Pour Patient Kambale, «les faits liés aux kidnappings sont tellement fréquents que même la justice ne peut plus vraiment faire grand-chose. Les kidnappeurs sont toujours libres et opèrent en toute quiétude » dénonce le père de famille, rappelant qu’un enfant a même été tué dans le quartier huppé de Keshero, après que ses parents ont tardé à verser 5 000 dollars.
« Les parents doivent toujours être vigilants et surveiller les moindres faits et gestes de leurs enfants », ajoute-t-il.

« L’essentiel pour moi c’est d’épargner la vie de mes enfants aussi longtemps que les services de sécurité ne mettront pas la main sur ces kidnappeurs qui, visiblement opèrent en réseau et qui n’hésitent pas tuer les enfants si la rançon n’est pas payé », déclare pour sa part Eliane, qui a dû payer 500dollars pour que son enfant recouvre la liberté.
Du côté des forces de l’ordre et des instances judiciaires, on assure faire «ce qu’on peut ». « Une dizaine d’enfants ont été enlevés depuis le début de l’année et nous avons réussi à mettre la main sur certains ravisseurs, mais il y a encore beaucoup à faire », déclare à Anadolu un policier de Goma.

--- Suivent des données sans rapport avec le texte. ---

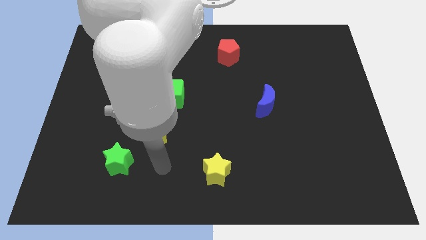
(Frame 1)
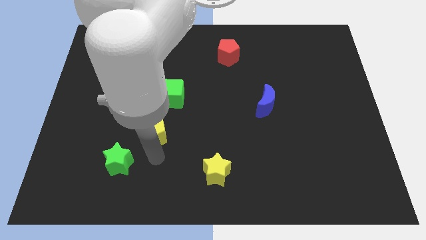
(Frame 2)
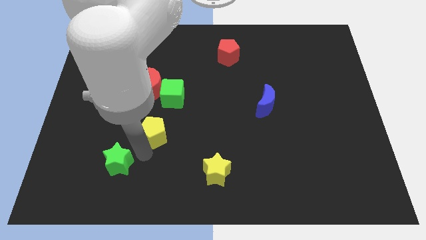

D’après la radio onusienne « Okapi », le 7 juin dernier, le tribunal de paix de Nyiragongo à Goma, a prononcé un verdict dans le procès de huit femmes accusées d'enlèvements d'enfants. Une d’entre elles a été condamnée à deux ans de prison, une autre à un mois de prison (mais juste pour détention de chanvre) tandis que les autres ont été acquittées faute de preuves suffisantes.

Deux enfants, âgés de 8 et 10 ans, qui avaient été kidnappés par ces femmes, ont affirmé, lors de leurs dépositions durant le procès, avoir été à plusieurs reprises utilisés pour le vol du bétail pour le compte de leurs ravisseurs, d’après la même source.

De plus en plus de voix s’élèvent à Goma, pour réclamer à l’Etat plus de fermeté et d’engagement afin d’endiguer un phénomène qui prendre de l’ampleur jour après jour.